Penelitian ini merupakan penelitian dasar mengenai bioaktivitas spons Aaptos aaptos dan Petrosia sp., kaitannya dengan lingkungan serta bakteri simbion dan biomassa sel spons. Oleh karena itu perlu dilakukan penelitian lebih lanjut mengenai faktor lingkungan yang paling berpengaruh terhadap tingkat bioaktivitas senyawa ekstrak kasar spons.
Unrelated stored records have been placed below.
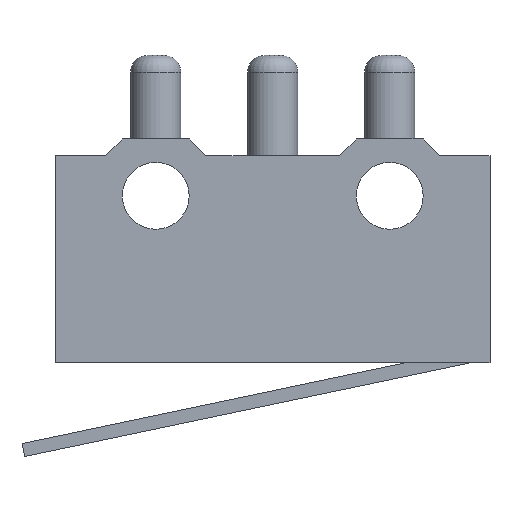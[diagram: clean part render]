
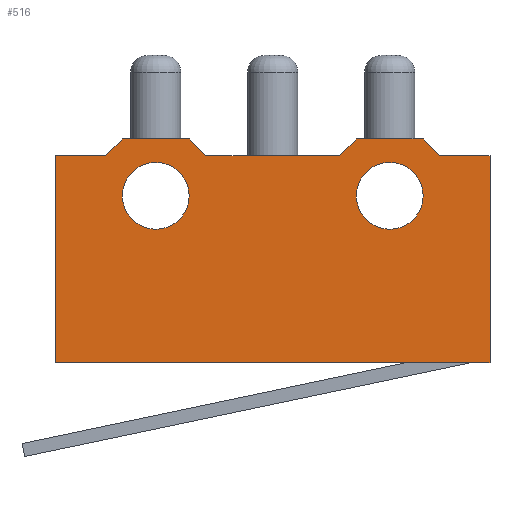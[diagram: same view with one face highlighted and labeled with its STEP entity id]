
A CAD part, front view. The second image highlights one B-rep face of the part: STEP entity #516.
In plain terms, the highlighted planar face has unit normal (0, -1, 0).
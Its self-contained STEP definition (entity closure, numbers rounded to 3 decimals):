
#5 = DIRECTION ( 'NONE',  ( 0., 0., -1. ) ) ;
#10 = AXIS2_PLACEMENT_3D ( 'NONE', #237, #222, #5 ) ;
#15 = EDGE_LOOP ( 'NONE', ( #1061, #139 ) ) ;
#18 = VERTEX_POINT ( 'NONE', #47 ) ;
#36 = AXIS2_PLACEMENT_3D ( 'NONE', #322, #315, #243 ) ;
#40 = ORIENTED_EDGE ( 'NONE', *, *, #1128, .F. ) ;
#42 = DIRECTION ( 'NONE',  ( 1., 0., 0. ) ) ;
#47 = CARTESIAN_POINT ( 'NONE',  ( 6.5, -2.95, 3.1 ) ) ;
#56 = VERTEX_POINT ( 'NONE', #452 ) ;
#75 = CARTESIAN_POINT ( 'NONE',  ( -4.5, -2.95, 3.6 ) ) ;
#76 = ORIENTED_EDGE ( 'NONE', *, *, #477, .T. ) ;
#81 = DIRECTION ( 'NONE',  ( 0.707, 0., -0.707 ) ) ;
#82 = VERTEX_POINT ( 'NONE', #649 ) ;
#83 = ORIENTED_EDGE ( 'NONE', *, *, #999, .F. ) ;
#87 = ORIENTED_EDGE ( 'NONE', *, *, #1104, .F. ) ;
#88 = VERTEX_POINT ( 'NONE', #570 ) ;
#94 = EDGE_CURVE ( 'NONE', #233, #907, #773, .T. ) ;
#96 = VERTEX_POINT ( 'NONE', #365 ) ;
#99 = DIRECTION ( 'NONE',  ( 0., 0., 1. ) ) ;
#101 = CARTESIAN_POINT ( 'NONE',  ( -6.5, -2.95, 3.1 ) ) ;
#134 = CARTESIAN_POINT ( 'NONE',  ( -2., -2.95, 3.1 ) ) ;
#135 = VERTEX_POINT ( 'NONE', #688 ) ;
#139 = ORIENTED_EDGE ( 'NONE', *, *, #552, .T. ) ;
#163 = ORIENTED_EDGE ( 'NONE', *, *, #768, .F. ) ;
#165 = AXIS2_PLACEMENT_3D ( 'NONE', #207, #1153, #382 ) ;
#189 = DIRECTION ( 'NONE',  ( 1., 0., 0. ) ) ;
#195 = AXIS2_PLACEMENT_3D ( 'NONE', #730, #335, #1154 ) ;
#196 = CARTESIAN_POINT ( 'NONE',  ( 3.5, -2.95, 2.9 ) ) ;
#203 = CARTESIAN_POINT ( 'NONE',  ( -6.5, -2.95, 3.1 ) ) ;
#207 = CARTESIAN_POINT ( 'NONE',  ( 3.5, -2.95, 1.9 ) ) ;
#216 = AXIS2_PLACEMENT_3D ( 'NONE', #536, #692, #722 ) ;
#222 = DIRECTION ( 'NONE',  ( 0., 1., 0. ) ) ;
#228 = CARTESIAN_POINT ( 'NONE',  ( -5., -2.95, 3.1 ) ) ;
#230 = DIRECTION ( 'NONE',  ( 1., 0., 0. ) ) ;
#233 = VERTEX_POINT ( 'NONE', #1161 ) ;
#237 = CARTESIAN_POINT ( 'NONE',  ( -3.5, -2.95, 1.9 ) ) ;
#243 = DIRECTION ( 'NONE',  ( 0., 0., 1. ) ) ;
#261 = VERTEX_POINT ( 'NONE', #228 ) ;
#270 = EDGE_LOOP ( 'NONE', ( #83, #1103, #355, #809, #488, #339, #40, #163, #990, #385, #451, #87 ) ) ;
#311 = CARTESIAN_POINT ( 'NONE',  ( -3.5, -2.95, 2.9 ) ) ;
#315 = DIRECTION ( 'NONE',  ( 0., 1., 0. ) ) ;
#322 = CARTESIAN_POINT ( 'NONE',  ( 3.5, -2.95, 1.9 ) ) ;
#332 = DIRECTION ( 'NONE',  ( -1., 0., 0. ) ) ;
#335 = DIRECTION ( 'NONE',  ( 0., 1., 0. ) ) ;
#339 = ORIENTED_EDGE ( 'NONE', *, *, #934, .F. ) ;
#355 = ORIENTED_EDGE ( 'NONE', *, *, #848, .F. ) ;
#365 = CARTESIAN_POINT ( 'NONE',  ( 4.5, -2.95, 3.6 ) ) ;
#367 = DIRECTION ( 'NONE',  ( 0.707, 0., -0.707 ) ) ;
#376 = VERTEX_POINT ( 'NONE', #1111 ) ;
#380 = ORIENTED_EDGE ( 'NONE', *, *, #668, .T. ) ;
#381 = CARTESIAN_POINT ( 'NONE',  ( 6.5, -2.95, 3.1 ) ) ;
#382 = DIRECTION ( 'NONE',  ( 0., 0., 1. ) ) ;
#385 = ORIENTED_EDGE ( 'NONE', *, *, #1115, .F. ) ;
#420 = EDGE_LOOP ( 'NONE', ( #380, #76 ) ) ;
#425 = PLANE ( 'NONE',  #195 ) ;
#428 = DIRECTION ( 'NONE',  ( 0.707, 0., 0.707 ) ) ;
#430 = CARTESIAN_POINT ( 'NONE',  ( -6.5, -2.95, -3.1 ) ) ;
#437 = CARTESIAN_POINT ( 'NONE',  ( -6.5, -2.95, -3.1 ) ) ;
#451 = ORIENTED_EDGE ( 'NONE', *, *, #1143, .F. ) ;
#452 = CARTESIAN_POINT ( 'NONE',  ( 2.5, -2.95, 3.6 ) ) ;
#477 = EDGE_CURVE ( 'NONE', #740, #82, #1016, .T. ) ;
#479 = DIRECTION ( 'NONE',  ( 0., 0., -1. ) ) ;
#482 = DIRECTION ( 'NONE',  ( 1., 0., 0. ) ) ;
#485 = VERTEX_POINT ( 'NONE', #521 ) ;
#488 = ORIENTED_EDGE ( 'NONE', *, *, #824, .F. ) ;
#505 = EDGE_CURVE ( 'NONE', #18, #135, #997, .T. ) ;
#516 = ADVANCED_FACE ( 'NONE', ( #1021, #980, #995 ), #425, .F. ) ;
#521 = CARTESIAN_POINT ( 'NONE',  ( -2., -2.95, 3.1 ) ) ;
#536 = CARTESIAN_POINT ( 'NONE',  ( -3.5, -2.95, 1.9 ) ) ;
#552 = EDGE_CURVE ( 'NONE', #858, #376, #777, .T. ) ;
#553 = VECTOR ( 'NONE', #230, 1000. ) ;
#558 = DIRECTION ( 'NONE',  ( 0.707, 0., 0.707 ) ) ;
#570 = CARTESIAN_POINT ( 'NONE',  ( 5., -2.95, 3.1 ) ) ;
#580 = CIRCLE ( 'NONE', #10, 1. ) ;
#595 = DIRECTION ( 'NONE',  ( 1., 0., 0. ) ) ;
#601 = CARTESIAN_POINT ( 'NONE',  ( -4.5, -2.95, 3.6 ) ) ;
#607 = LINE ( 'NONE', #437, #742 ) ;
#649 = CARTESIAN_POINT ( 'NONE',  ( -3.5, -2.95, 0.9 ) ) ;
#656 = VECTOR ( 'NONE', #42, 1000. ) ;
#657 = EDGE_CURVE ( 'NONE', #376, #858, #770, .T. ) ;
#660 = CARTESIAN_POINT ( 'NONE',  ( 2.5, -2.95, 3.6 ) ) ;
#664 = LINE ( 'NONE', #601, #1080 ) ;
#668 = EDGE_CURVE ( 'NONE', #82, #740, #580, .T. ) ;
#687 = LINE ( 'NONE', #660, #879 ) ;
#688 = CARTESIAN_POINT ( 'NONE',  ( 6.5, -2.95, -3.1 ) ) ;
#692 = DIRECTION ( 'NONE',  ( 0., 1., 0. ) ) ;
#701 = LINE ( 'NONE', #797, #865 ) ;
#722 = DIRECTION ( 'NONE',  ( 0., 0., -1. ) ) ;
#726 = VERTEX_POINT ( 'NONE', #1054 ) ;
#730 = CARTESIAN_POINT ( 'NONE',  ( 0., -2.95, 0. ) ) ;
#738 = CARTESIAN_POINT ( 'NONE',  ( 2., -2.95, 3.1 ) ) ;
#740 = VERTEX_POINT ( 'NONE', #311 ) ;
#742 = VECTOR ( 'NONE', #332, 1000. ) ;
#753 = CARTESIAN_POINT ( 'NONE',  ( 4.5, -2.95, 3.6 ) ) ;
#768 = EDGE_CURVE ( 'NONE', #907, #485, #701, .T. ) ;
#770 = CIRCLE ( 'NONE', #36, 1. ) ;
#773 = LINE ( 'NONE', #75, #553 ) ;
#777 = CIRCLE ( 'NONE', #165, 1. ) ;
#784 = LINE ( 'NONE', #1148, #913 ) ;
#797 = CARTESIAN_POINT ( 'NONE',  ( -2.5, -2.95, 3.6 ) ) ;
#809 = ORIENTED_EDGE ( 'NONE', *, *, #1024, .F. ) ;
#824 = EDGE_CURVE ( 'NONE', #56, #96, #964, .T. ) ;
#843 = VERTEX_POINT ( 'NONE', #430 ) ;
#845 = LINE ( 'NONE', #203, #656 ) ;
#848 = EDGE_CURVE ( 'NONE', #88, #18, #961, .T. ) ;
#858 = VERTEX_POINT ( 'NONE', #196 ) ;
#865 = VECTOR ( 'NONE', #367, 1000. ) ;
#879 = VECTOR ( 'NONE', #428, 1000. ) ;
#904 = VECTOR ( 'NONE', #189, 1000. ) ;
#907 = VERTEX_POINT ( 'NONE', #1181 ) ;
#913 = VECTOR ( 'NONE', #81, 1000. ) ;
#934 = EDGE_CURVE ( 'NONE', #970, #56, #687, .T. ) ;
#961 = LINE ( 'NONE', #1051, #904 ) ;
#964 = LINE ( 'NONE', #753, #969 ) ;
#969 = VECTOR ( 'NONE', #482, 1000. ) ;
#970 = VERTEX_POINT ( 'NONE', #738 ) ;
#980 = FACE_BOUND ( 'NONE', #15, .T. ) ;
#990 = ORIENTED_EDGE ( 'NONE', *, *, #94, .F. ) ;
#995 = FACE_OUTER_BOUND ( 'NONE', #270, .T. ) ;
#996 = VECTOR ( 'NONE', #479, 1000. ) ;
#997 = LINE ( 'NONE', #381, #996 ) ;
#999 = EDGE_CURVE ( 'NONE', #135, #843, #607, .T. ) ;
#1016 = CIRCLE ( 'NONE', #216, 1. ) ;
#1021 = FACE_BOUND ( 'NONE', #420, .T. ) ;
#1024 = EDGE_CURVE ( 'NONE', #96, #88, #784, .T. ) ;
#1051 = CARTESIAN_POINT ( 'NONE',  ( 5., -2.95, 3.1 ) ) ;
#1054 = CARTESIAN_POINT ( 'NONE',  ( -6.5, -2.95, 3.1 ) ) ;
#1061 = ORIENTED_EDGE ( 'NONE', *, *, #657, .T. ) ;
#1079 = VECTOR ( 'NONE', #595, 1000. ) ;
#1080 = VECTOR ( 'NONE', #558, 1000. ) ;
#1082 = VECTOR ( 'NONE', #99, 1000. ) ;
#1090 = LINE ( 'NONE', #101, #1082 ) ;
#1103 = ORIENTED_EDGE ( 'NONE', *, *, #505, .F. ) ;
#1104 = EDGE_CURVE ( 'NONE', #843, #726, #1090, .T. ) ;
#1111 = CARTESIAN_POINT ( 'NONE',  ( 3.5, -2.95, 0.9 ) ) ;
#1115 = EDGE_CURVE ( 'NONE', #261, #233, #664, .T. ) ;
#1128 = EDGE_CURVE ( 'NONE', #485, #970, #1174, .T. ) ;
#1143 = EDGE_CURVE ( 'NONE', #726, #261, #845, .T. ) ;
#1148 = CARTESIAN_POINT ( 'NONE',  ( 4.5, -2.95, 3.6 ) ) ;
#1153 = DIRECTION ( 'NONE',  ( 0., 1., 0. ) ) ;
#1154 = DIRECTION ( 'NONE',  ( 0., 0., 1. ) ) ;
#1161 = CARTESIAN_POINT ( 'NONE',  ( -4.5, -2.95, 3.6 ) ) ;
#1174 = LINE ( 'NONE', #134, #1079 ) ;
#1181 = CARTESIAN_POINT ( 'NONE',  ( -2.5, -2.95, 3.6 ) ) ;

Penelitian lebih lanjut perlu dilakukan untuk mengetahui bagian tubuh serta kondisi habitat spons yang dapat memproduksi senyawa bioaktif secara optimal.

Kandungan senyawa ekstrak kasar kedua jenis spons ini masih perlu diidentifikasi lebih lanjut, sehingga dapat dikembangkan melalui purifikasi dan identifikasi struktur molekul senyawa murni sehingga dapat dihasilkan suatu produk senyawa.

Pengisolasian simbion dapat dilakukan dengan menggunakan metode secara molekuler, sehingga semua mikrob simbion dapat diidentifikasi lebih lanjut. Selain itu, perlu juga dilakukan pengamatan morfologi (histologi) menggunakan mikroskop elektron, sehingga komposisi struktur spons dapat diketahui lebih jelas. Dengan demikian, diharapkan informasi mengenai morfologi dan fisiologi serta kaitannya dengan tingkat bioaktivitas senyawa yang dihasilkan spons akan menjadi lebih jelas.

UCAPAN TERIMA KASIH

Penulis mengucapkan terima kasih kepada Proyek Hibah Pasca VII yang telah mendanai sebagian besar penelitian ini, yang diketuai oleh Prof. Dr. Dedi Soedharma, DEA. Selain itu penulis juga mengucapkan terima kasih kepada Laboratorium Mikrobiologi dan Laboratorium Lingkungan PPLH - IPB, Laboratorium Mikrobiologi - Dept. Biologi IPB, Laboratorium Kimia Analitik - Dept. Kimia IPB, dan Pusat Studi Ilmu Hayat dan Bioteknologi (PSIHB) - IPB, sebagai penyedia fasilitas laboratorium penelitian.